The former is a high-level section that allows:

  • collector.ssl.enable – turn on ssl termination
  • collector.ssl.redirect – whether automatic upgrade from http to https should be performed
  • collector.ssl.port – port on which TLS/SSL server should be started

The latter allows for low-level TLS/SSL configuration exposed by Lightbend SSL Config. ​ For example to start up an ssl-enabled, auto-upgrade server, following config can be used:

ssl {
  enable = true
  redirect = true
  port = 443
}

However, this configuration will use environment-defined JVM-attached certificates. In order to override the default behaviour and use a custom certificate, the low-level section can be defined as:

ssl-config {
  keyManager = {
    stores = [
      {type = "PKCS12", classpath = false, path = ${CERT_FILE}, password = "pass" }
    ]
  }
}

Custom & default redirect paths

Changelog

v2.0.0 – Default redirect path set to false by default (enableDefaultRedirect = false)

v0.17.0 (R117) – Allowed users to disable the default redirect endpoint r/tp2 (enableDefaultRedirect)

v0.16.0 (R116) – Added the option to map the default redirect path r/tp2 to custom values e.g. randomstring1/randomstring2

v0.6.0 (R78) – Added click redirect mode

From v2.0.0 onwards, the default redirect path is disabled by default (enableDefaultRedirect = false). Prior to this release it was set to true by default.

If you wish to enable the default redirect path /r/tp2, then you would need to set enableDefaultRedirect = true in your config.hocon file. Alternatively, you can set the default endpoint to false (disabled) and instead set up a custom user-defined url for redirects. For example, the following configuration will only allow redirects for the custom-defined /com.acme/redirect-me endpoint, whereas the default /r/tp2 will not be available.

enableDefaultRedirect = false
paths {
  "/com.acme/redirect-me" = "/r/tp2"
}

Setting up an SQS buffer (2.0.0+)

The lack of auto-scaling in Kinesis results in throttled streams in case of traffic spikes and Stream Collector starts accumulating events to retry them later. If accumulation continues long enough, Stream Collector will run out of memory. To prevent the possibility of a broken collector, we decided to make it possible to configure an SQS buffer which can provide additional assurance during extreme traffic spikes.

SQS is used to queue any message that Stream Collector failed to send to the Kinesis and the sqs2kinesis application is then responsible for reading the messages from SQS and writing to Kinesis once it is ready. In the event of any AWS API glitches, there is a retry mechanism which retries sending the SQS queue 10 times.

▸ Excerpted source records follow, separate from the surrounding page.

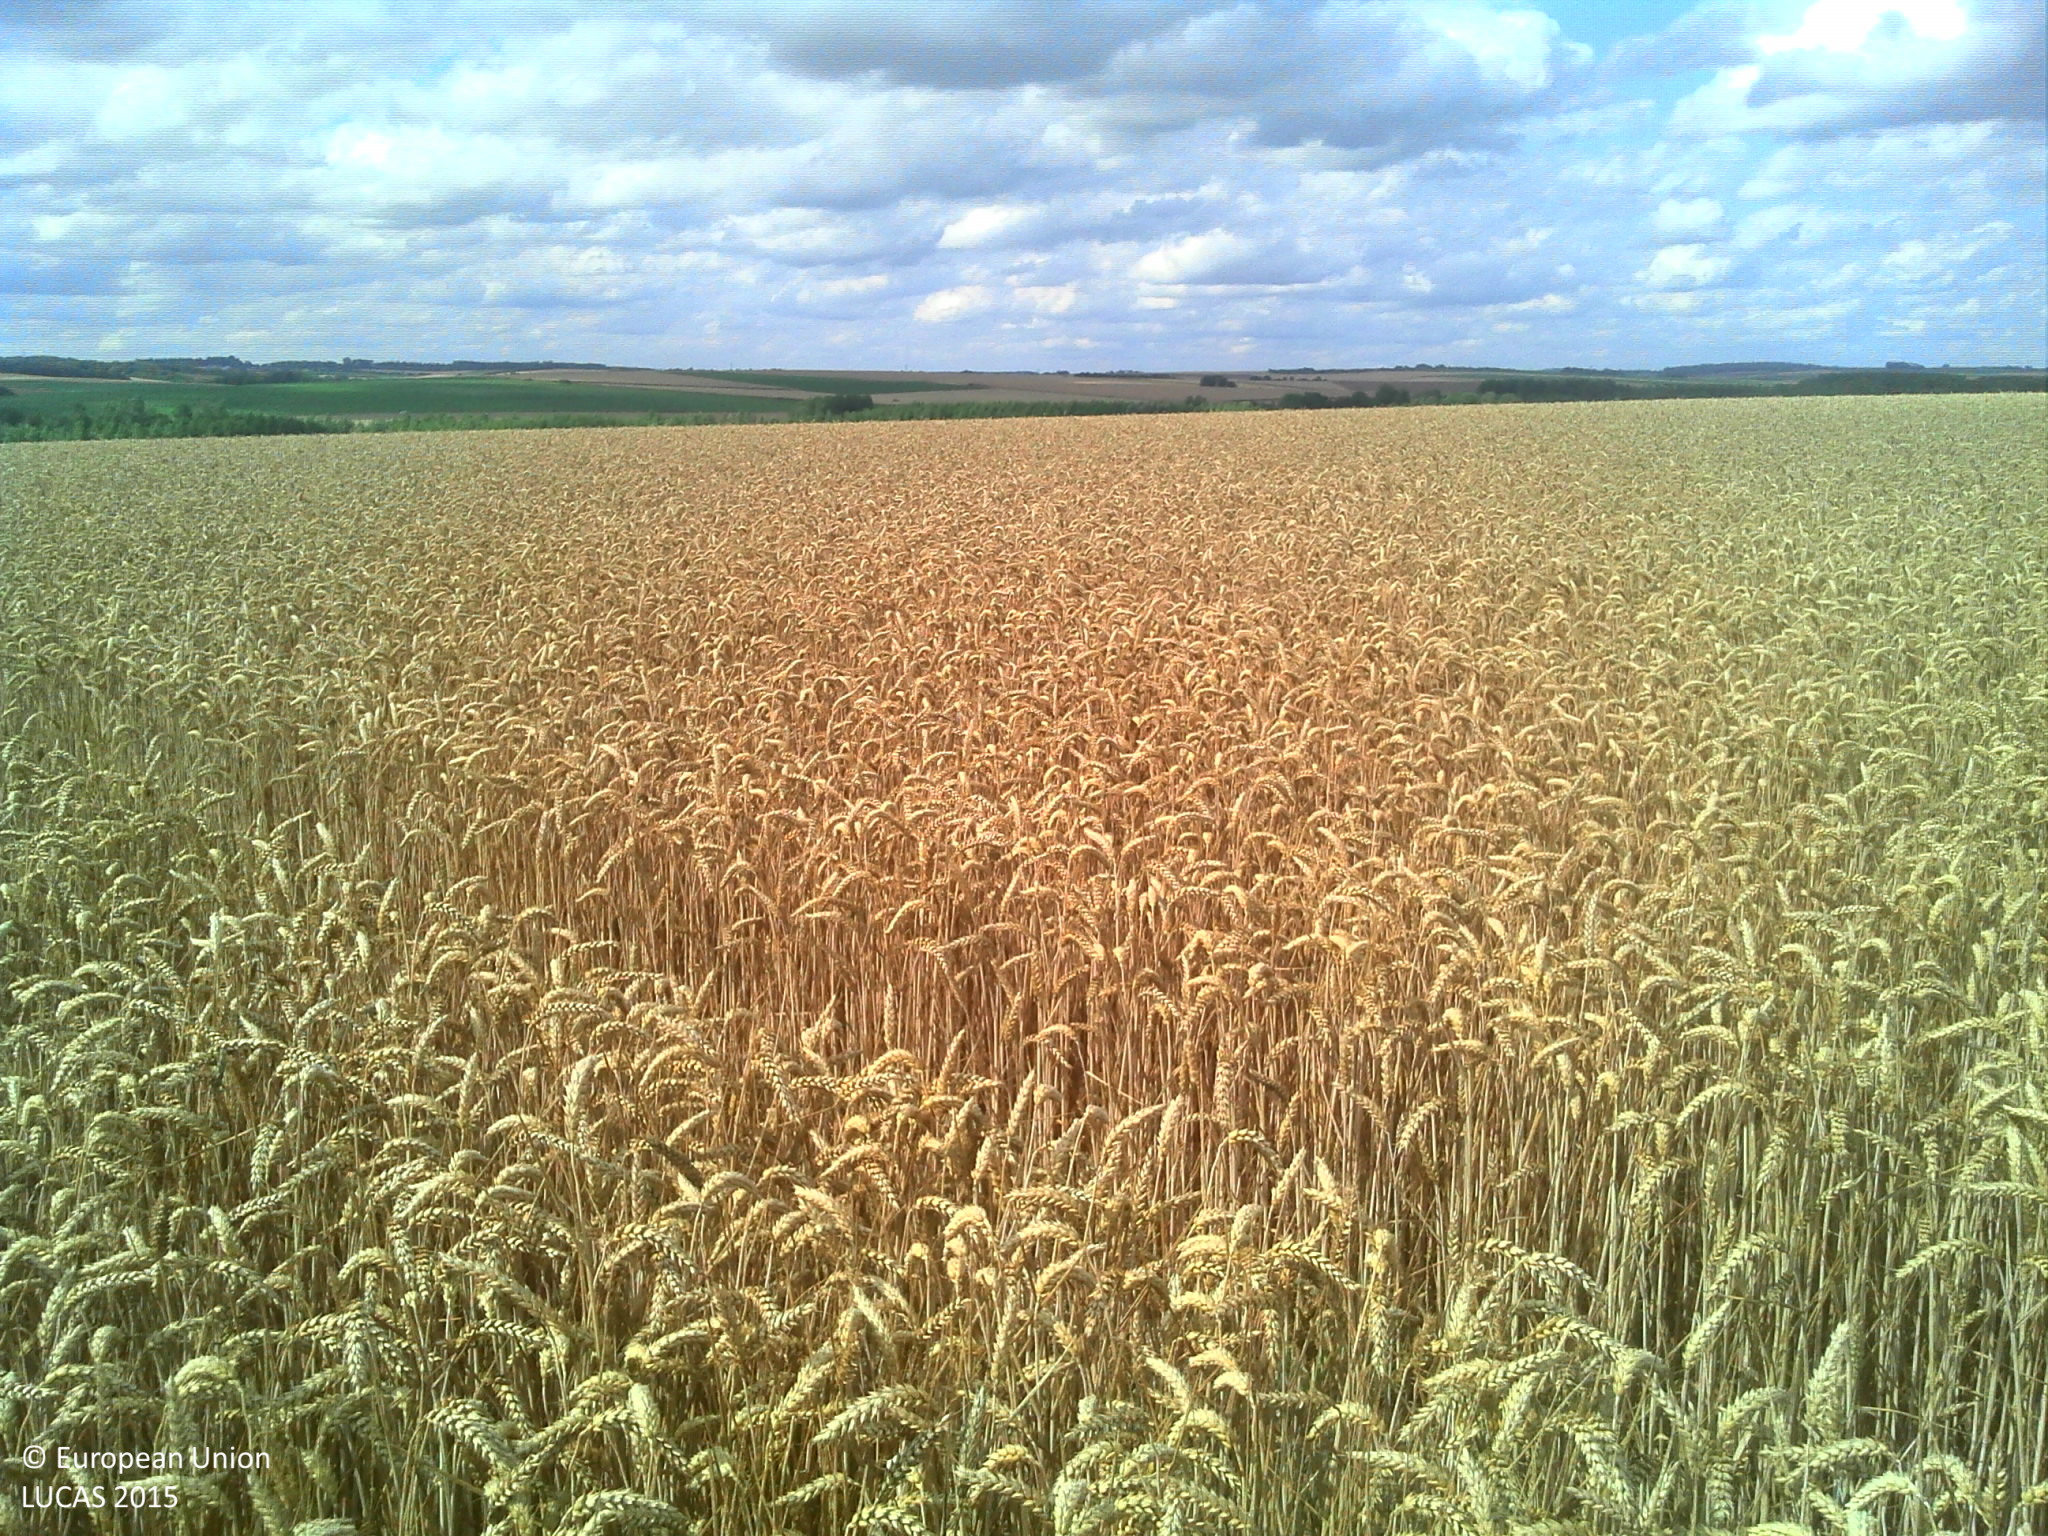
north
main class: Cropland
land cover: Common wheat
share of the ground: > 75 %
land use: Agriculture (excluding fallow land and kitchen gardens)
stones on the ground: < 10 %
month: July
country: FR
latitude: 49.7516
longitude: 3.5946

The keys set up for the Kinesis stream are stored as SQS message attributes in order to preserve the information. Note, the SQS messages cannot be as big as Kinesis messages. The limit is 256kB per message, but we send the messages as Base64 encoded, so the limit goes down to 192kB for the original message.

Setting up the SQS queues

(This section only applies to the case when SQS is used as a fallback sink when Kinesis is unavailable. If you are using SQS as the primary sink, then the settings below should be ignored and the good and bad streams should be configured as normal under streams.good and streams.bad respectively.)

To start using this feature, you will first need to set up the SQS queues. Two separate queues are required for good (raw) events and bad events. The Collector then needs to be informed about the queue names, and this can be done by adding these as entries to config.hocon:

sqsGoodBuffer = {good-sqs-queue-url} sqsBadBuffer = {bad-sqs-queue-url}

Setting up the sqs2kinesis application

(This application can be used to move data from SQS to Kinesis, regardless of whether SQS is being used as a fallback or primary sink.)

The application (sqs2kinesis) is used to read messages from the SQS queue and send them to the Kinesis stream using a back-pressured mechanism. The sqs2kinesis application deals with decoding messages and setting up the appropriate keys for the Kinesis stream.

It can be found on Docker Hub.

To configure the app, either set the environment variables SQS_QUEUE, KINESIS_STREAM_NAME and SENTRY_DSN, or create application.conf with:

sqs2kinesis { sqs-queue = ... kinesis-stream-name = ... sentry-dsn = ... }

and specify the path of the file by adding -Dconfig.file=path/to/config-file to the JAVA options.